Preferia chamá-las de "anêmicas", que podem ser revitalizadas com
sangue novo.
No sábado (26/4), o
corpo de Aryon Dall'Igna Rodrigues (1925-2014) foi cremado no Cemitério de
Valparaíso, em Goiás. Divorciado, pai de três filhos, deixou mais de 150
trabalhos científicos, muita saudade entre os pesquisadores e alunos que
conviveram com ele e a lembrança de um mantrinxã recheado com farofa de banana
que décadas depois ainda provocava um brilho alegre no olhinhos azuis de quem
era amante da vida.
Aryon Rodrigues
combateu o bom combate e encerrou a carreira resistindo teimosamente na defesa
da utopia.

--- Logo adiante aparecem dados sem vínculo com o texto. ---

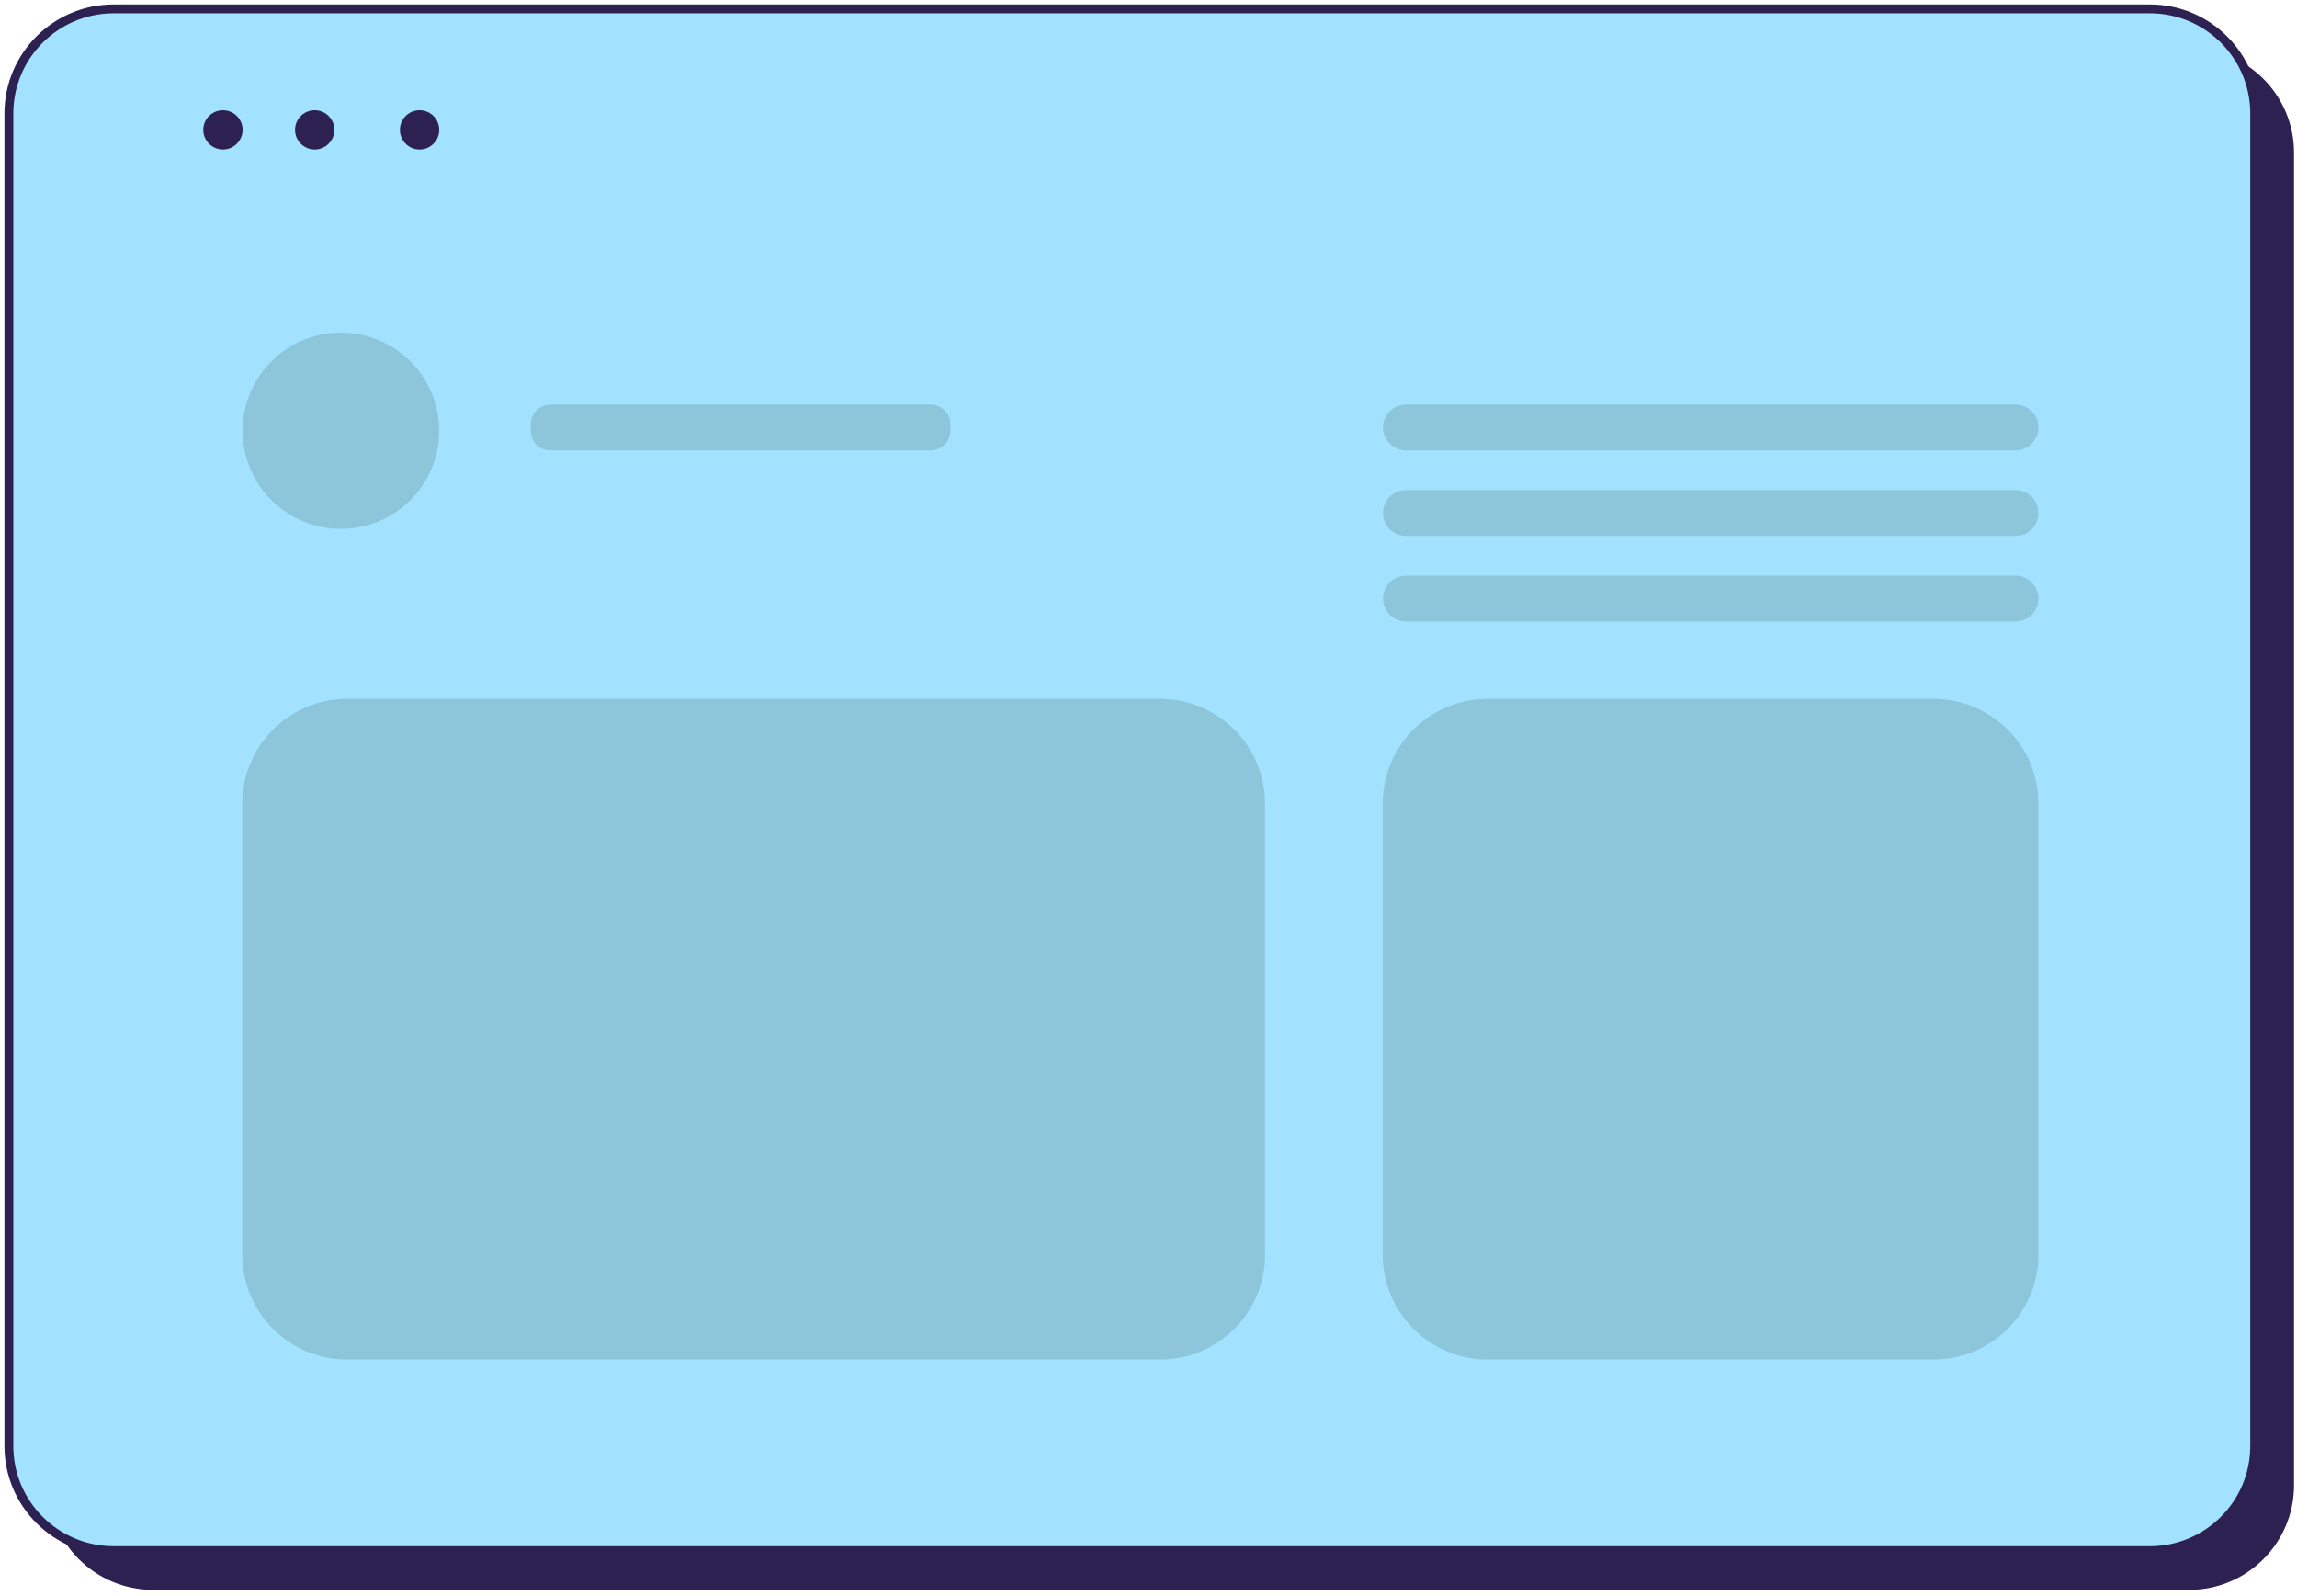 <?xml version="1.0" encoding="UTF-8"?> <svg xmlns="http://www.w3.org/2000/svg" width="259" height="180" viewBox="0 0 259 180" fill="none"><path d="M246.842 5.424H17.26C10.729 5.424 5.436 10.707 5.436 17.223V167.462C5.436 173.979 10.729 179.262 17.26 179.262H246.842C253.372 179.262 258.666 173.979 258.666 167.462V17.223C258.666 10.707 253.372 5.424 246.842 5.424Z" fill="#2D2152"></path><path d="M242.406 1H12.824C6.294 1 1 6.283 1 12.8V163.038C1 169.555 6.294 174.838 12.824 174.838H242.406C248.937 174.838 254.231 169.555 254.231 163.038V12.8C254.231 6.283 248.937 1 242.406 1Z" fill="#A2E2FE" stroke="#2D2152" stroke-linecap="round" stroke-linejoin="round"></path><path d="M130.816 78.803H39.148C32.618 78.803 27.324 84.086 27.324 90.602V141.488C27.324 148.005 32.618 153.288 39.148 153.288H130.816C137.346 153.288 142.64 148.005 142.64 141.488V90.602C142.64 84.086 137.346 78.803 130.816 78.803Z" fill="#8DC6DB"></path><path d="M218.019 78.803H167.736C161.206 78.803 155.912 84.086 155.912 90.602V141.488C155.912 148.005 161.206 153.288 167.736 153.288H218.019C224.549 153.288 229.843 148.005 229.843 141.488V90.602C229.843 84.086 224.549 78.803 218.019 78.803Z" fill="#8DC6DB"></path><path d="M104.951 45.617H62.059C60.834 45.617 59.842 46.608 59.842 47.83V48.567C59.842 49.789 60.834 50.779 62.059 50.779H104.951C106.176 50.779 107.168 49.789 107.168 48.567V47.83C107.168 46.608 106.176 45.617 104.951 45.617Z" fill="#8DC6DB"></path><path d="M25.137 16.855C26.361 16.855 27.354 15.864 27.354 14.642C27.354 13.42 26.361 12.43 25.137 12.43C23.913 12.43 22.92 13.42 22.92 14.642C22.92 15.864 23.913 16.855 25.137 16.855Z" fill="#2D2152"></path><path d="M35.483 16.855C36.707 16.855 37.7 15.864 37.7 14.642C37.7 13.42 36.707 12.43 35.483 12.43C34.258 12.43 33.266 13.42 33.266 14.642C33.266 15.864 34.258 16.855 35.483 16.855Z" fill="#2D2152"></path><path d="M47.307 16.855C48.531 16.855 49.524 15.864 49.524 14.642C49.524 13.42 48.531 12.43 47.307 12.43C46.082 12.43 45.09 13.42 45.09 14.642C45.09 15.864 46.082 16.855 47.307 16.855Z" fill="#2D2152"></path><path d="M38.439 59.628C44.561 59.628 49.524 54.675 49.524 48.566C49.524 42.457 44.561 37.504 38.439 37.504C32.316 37.504 27.354 42.457 27.354 48.566C27.354 54.675 32.316 59.628 38.439 59.628Z" fill="#8DC6DB"></path><path d="M227.258 64.908H158.53C157.101 64.908 155.943 66.064 155.943 67.489C155.943 68.915 157.101 70.07 158.53 70.07H227.258C228.687 70.07 229.845 68.915 229.845 67.489C229.845 66.064 228.687 64.908 227.258 64.908Z" fill="#8DC6DB"></path><path d="M227.258 55.262H158.53C157.101 55.262 155.943 56.417 155.943 57.843C155.943 59.268 157.101 60.424 158.53 60.424H227.258C228.687 60.424 229.845 59.268 229.845 57.843C229.845 56.417 228.687 55.262 227.258 55.262Z" fill="#8DC6DB"></path><path d="M227.258 45.617H158.53C157.101 45.617 155.943 46.773 155.943 48.198C155.943 49.624 157.101 50.779 158.53 50.779H227.258C228.687 50.779 229.845 49.624 229.845 48.198C229.845 46.773 228.687 45.617 227.258 45.617Z" fill="#8DC6DB"></path></svg>

Mesmo aposentado, continuou trabalhando de 1995 até 2014 no
Laboratório de Línguas Indígenas, sem qualquer ônus para a UnB. Morreu como
Ayrton Senna: na pista. O Brasil e os índios muito lhe devem.
P.S. - Com muito pesar,
comunico que faleceu na sexta-feira (02/05) às 23:30 horas Dom Tomás Balduíno,
91 anos, frade dominicano como Bartolomé de Las Casas e bispo emérito da
Diocese de Goiás. O corpo será velado na igreja São Judas Tadeu, em Goiânia até
domingo, quando será concelebrada a Eucaristia e depois na Catedral, onde será
sepultado na segunda-feira, dia 5, me informa Marlene Moura, sua amiga, que me
acompanhou há dois anos no almoço oferecido a nós por Dom Tomás no convento
onde vivia. Ele participou ativamente do Conselho Indigenista Missionário
(CIMI) e da Comissão Pastoral da Terra (CPT), mantendo compromisso radical com
os índios, os sem-terra, os camponeses e os lascados de todo o Brasil. Era um
radical, que sabia negociar: duas qualidades que estão em falta na praça.
Dessas mãos, eu recebo uma hóstia. Para esse santo, eu rezo.